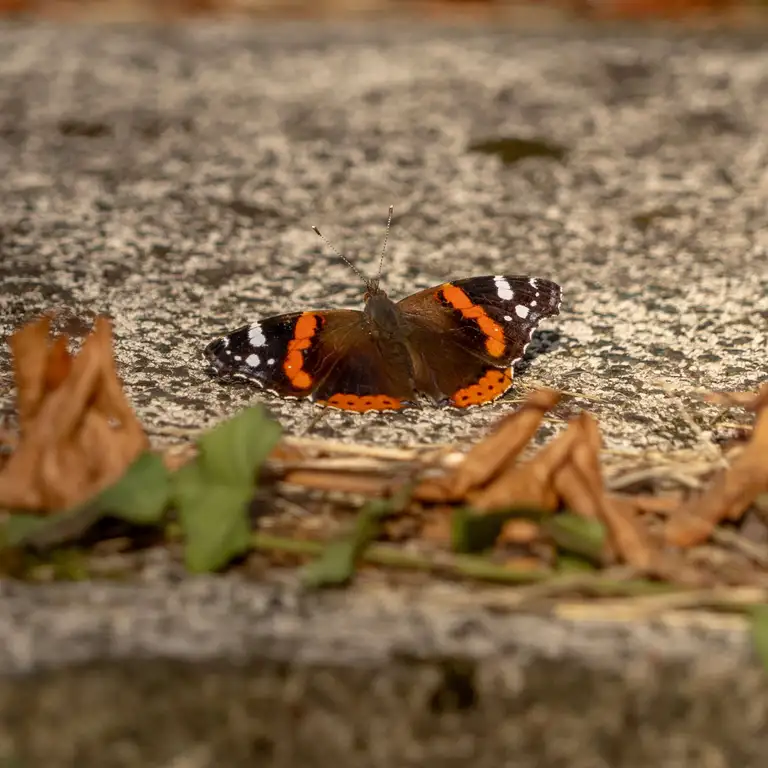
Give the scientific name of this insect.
Vanessa atalanta
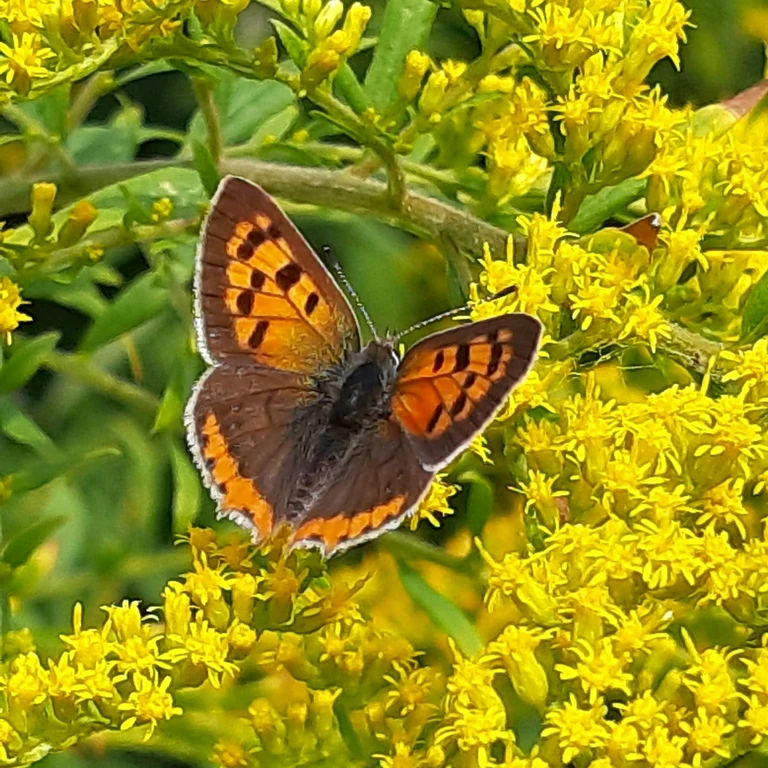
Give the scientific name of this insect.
Lycaena phlaeas
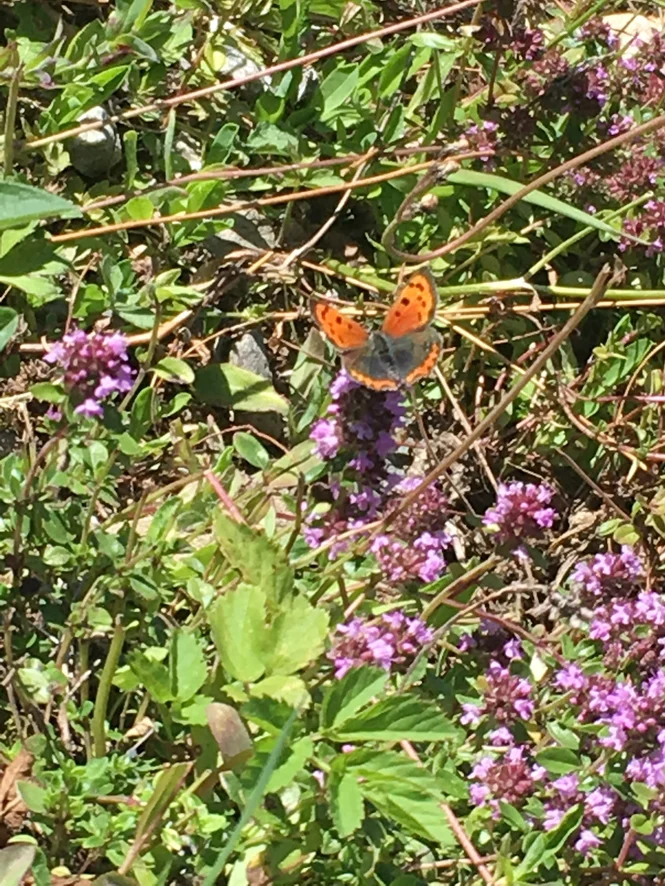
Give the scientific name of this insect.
Lycaena phlaeas
######
→ TO DO
Exactly as they appear above, write out all the entries, without pictures.

→ SOLUTION BELOW
Give the scientific name of this insect.
Vanessa atalanta
Give the scientific name of this insect.
Lycaena phlaeas
Give the scientific name of this insect.
Lycaena phlaeas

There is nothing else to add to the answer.